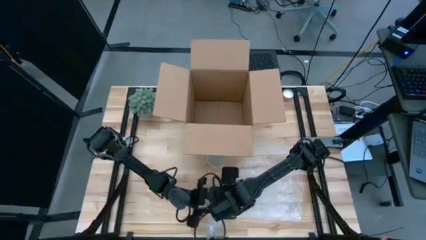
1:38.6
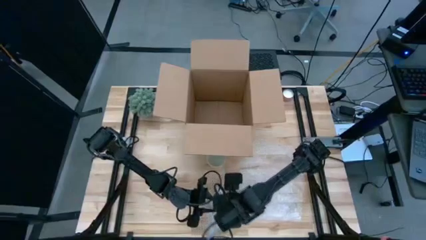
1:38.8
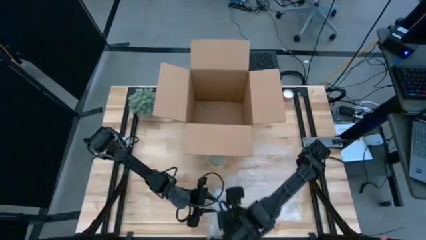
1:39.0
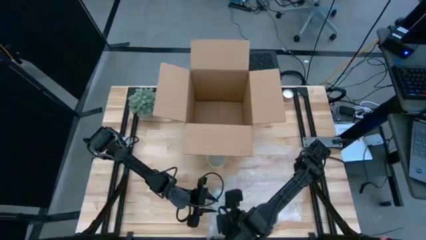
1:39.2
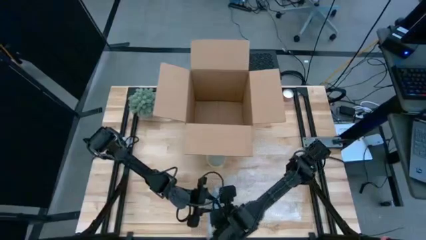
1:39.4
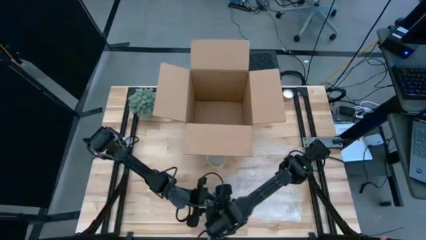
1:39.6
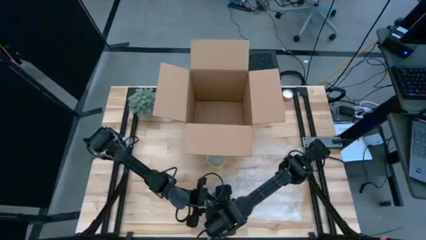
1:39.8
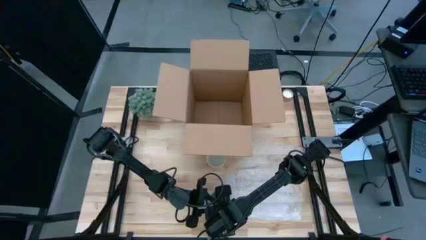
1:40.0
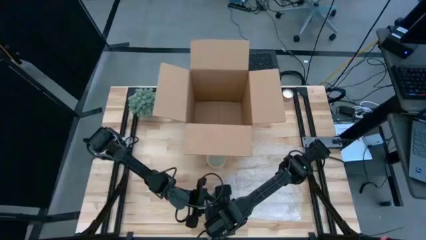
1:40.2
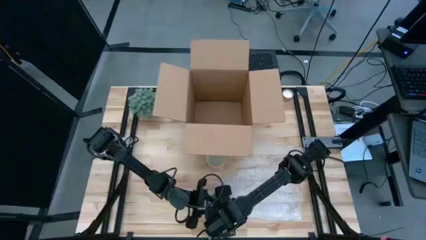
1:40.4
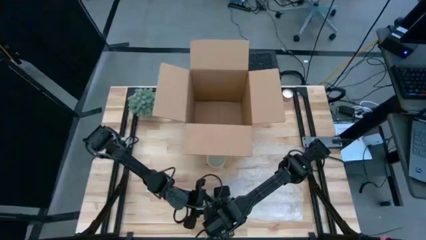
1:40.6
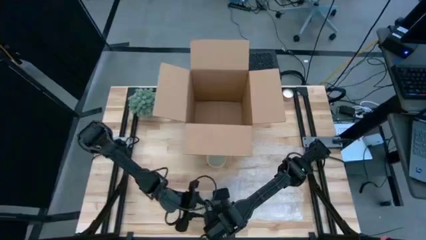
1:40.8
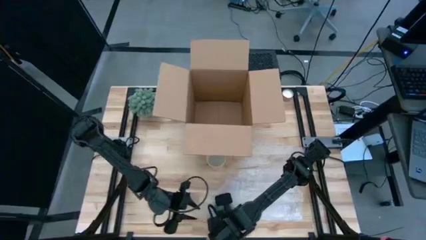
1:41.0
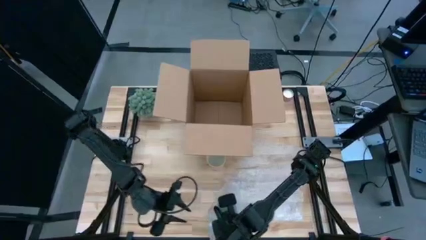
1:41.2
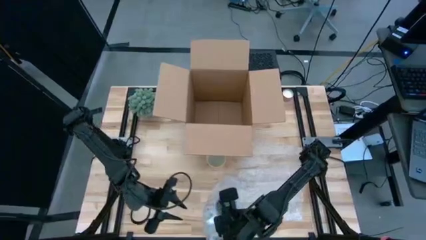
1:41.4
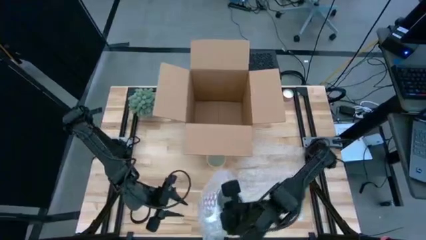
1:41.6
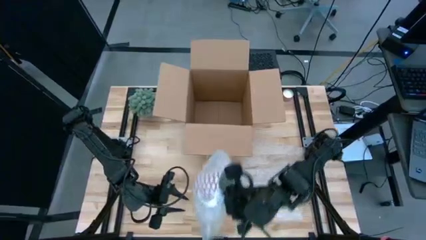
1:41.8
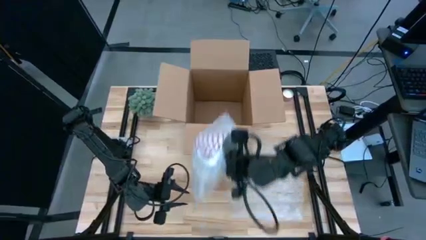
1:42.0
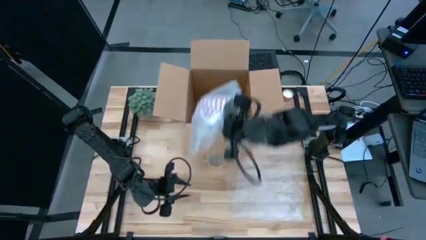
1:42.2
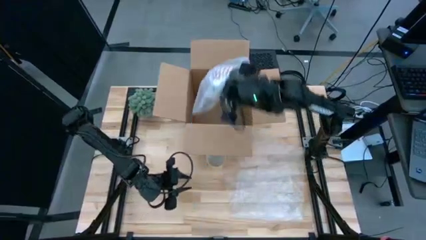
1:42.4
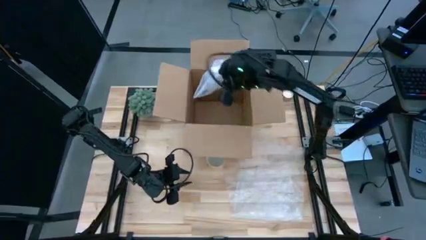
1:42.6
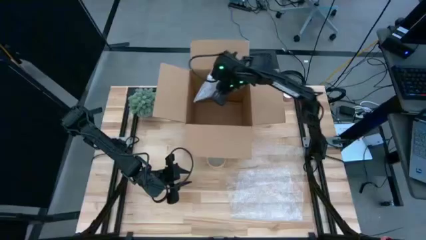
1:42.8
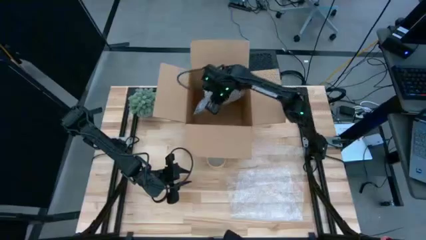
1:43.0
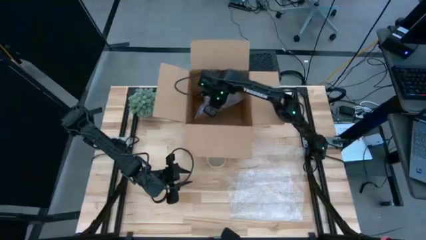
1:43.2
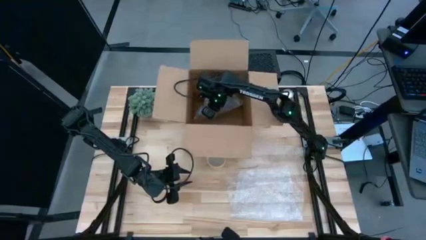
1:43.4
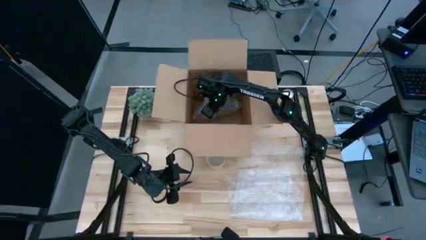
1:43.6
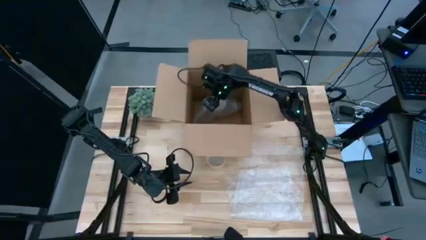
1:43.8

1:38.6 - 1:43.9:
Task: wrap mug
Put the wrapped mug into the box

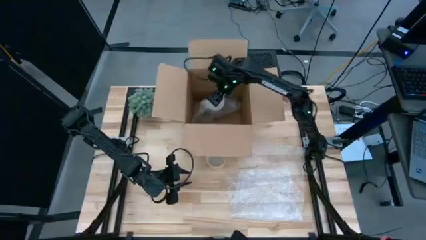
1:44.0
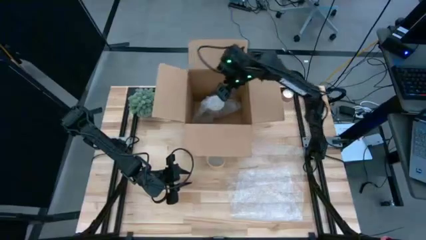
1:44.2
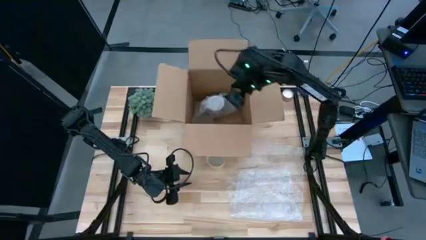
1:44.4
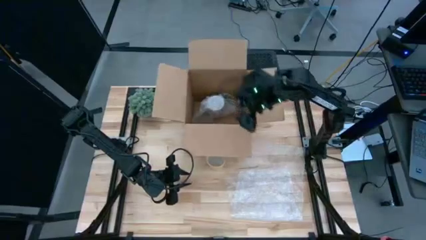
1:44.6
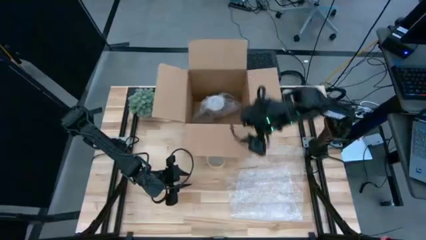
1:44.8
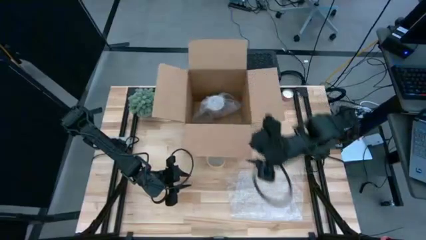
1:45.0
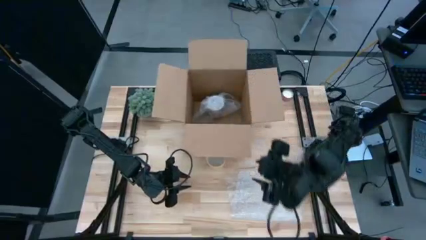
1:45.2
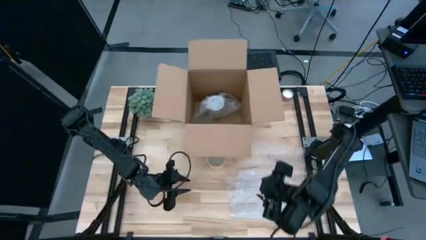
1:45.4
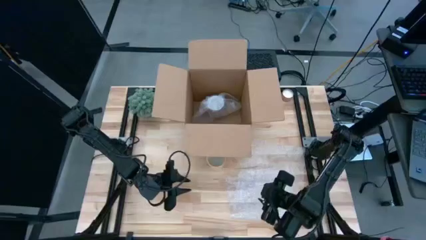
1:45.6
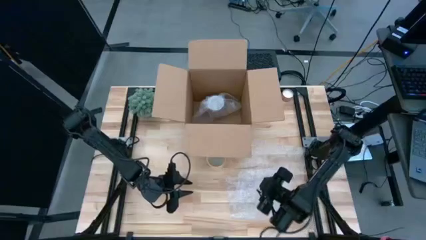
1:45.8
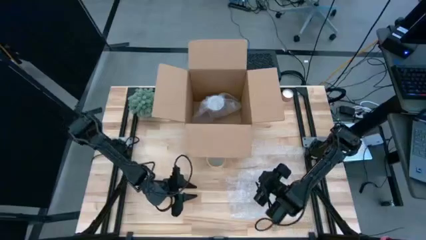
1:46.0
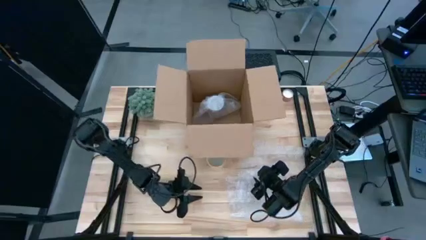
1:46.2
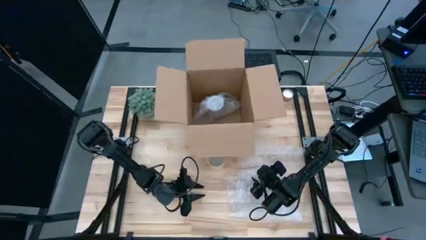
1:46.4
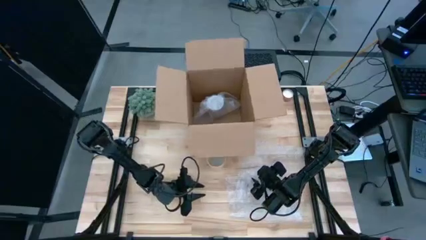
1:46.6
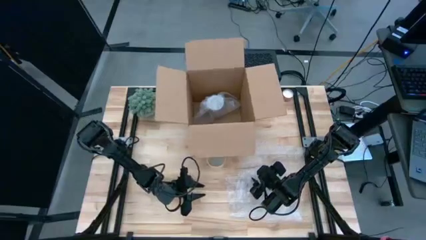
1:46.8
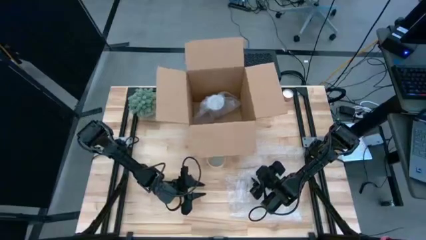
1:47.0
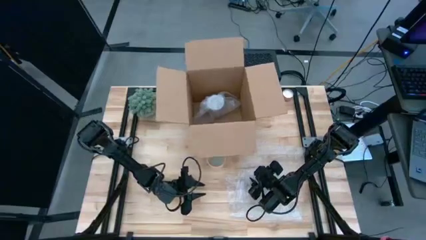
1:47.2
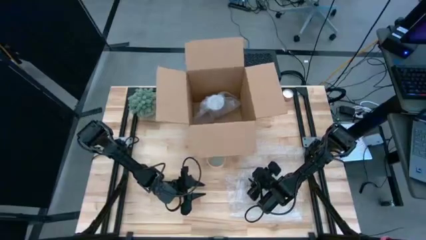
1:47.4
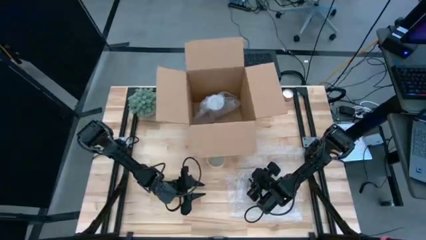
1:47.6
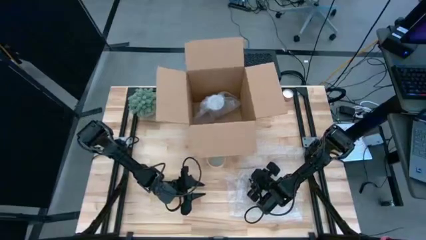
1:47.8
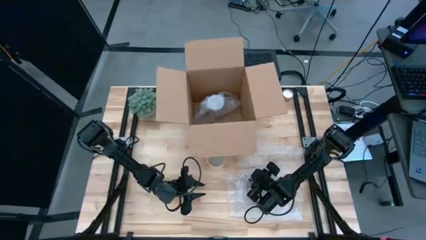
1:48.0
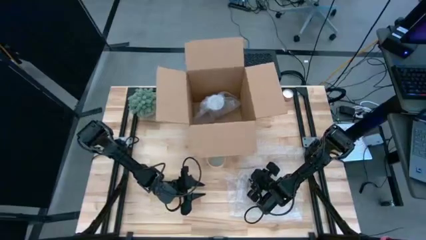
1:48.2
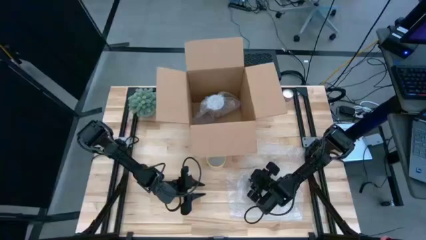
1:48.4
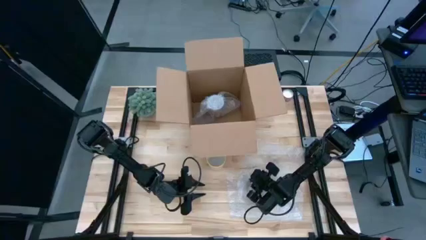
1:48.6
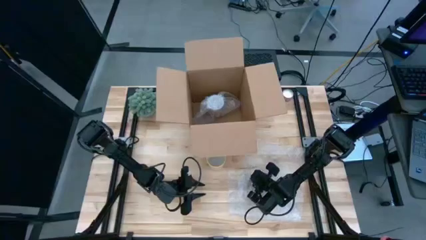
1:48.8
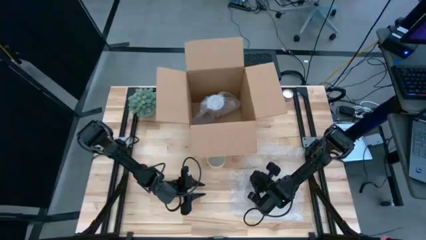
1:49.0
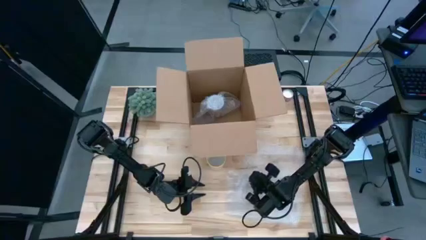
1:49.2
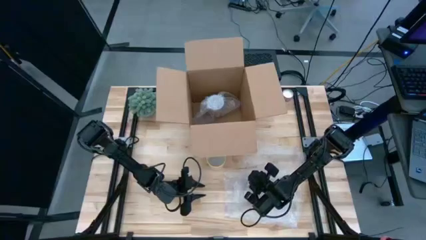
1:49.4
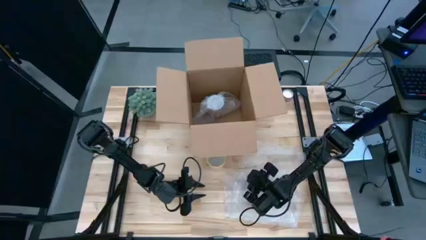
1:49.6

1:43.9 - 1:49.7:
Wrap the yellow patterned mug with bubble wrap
=-=-=-=-=
▶ _Task to complete_:
Output the material above verbatim but exclude each picture.

▶ _Written answer_:
1:38.6
1:38.8
1:39.0
1:39.2
1:39.4
1:39.6
1:39.8
1:40.0
1:40.2
1:40.4
1:40.6
1:40.8
1:41.0
1:41.2
1:41.4
1:41.6
1:41.8
1:42.0
1:42.2
1:42.4
1:42.6
1:42.8
1:43.0
1:43.2
1:43.4
1:43.6
1:43.8

1:38.6 - 1:43.9:
Task: wrap mug
Put the wrapped mug into the box

1:44.0
1:44.2
1:44.4
1:44.6
1:44.8
1:45.0
1:45.2
1:45.4
1:45.6
1:45.8
1:46.0
1:46.2
1:46.4
1:46.6
1:46.8
1:47.0
1:47.2
1:47.4
1:47.6
1:47.8
1:48.0
1:48.2
1:48.4
1:48.6
1:48.8
1:49.0
1:49.2
1:49.4
1:49.6

1:43.9 - 1:49.7:
Wrap the yellow patterned mug with bubble wrap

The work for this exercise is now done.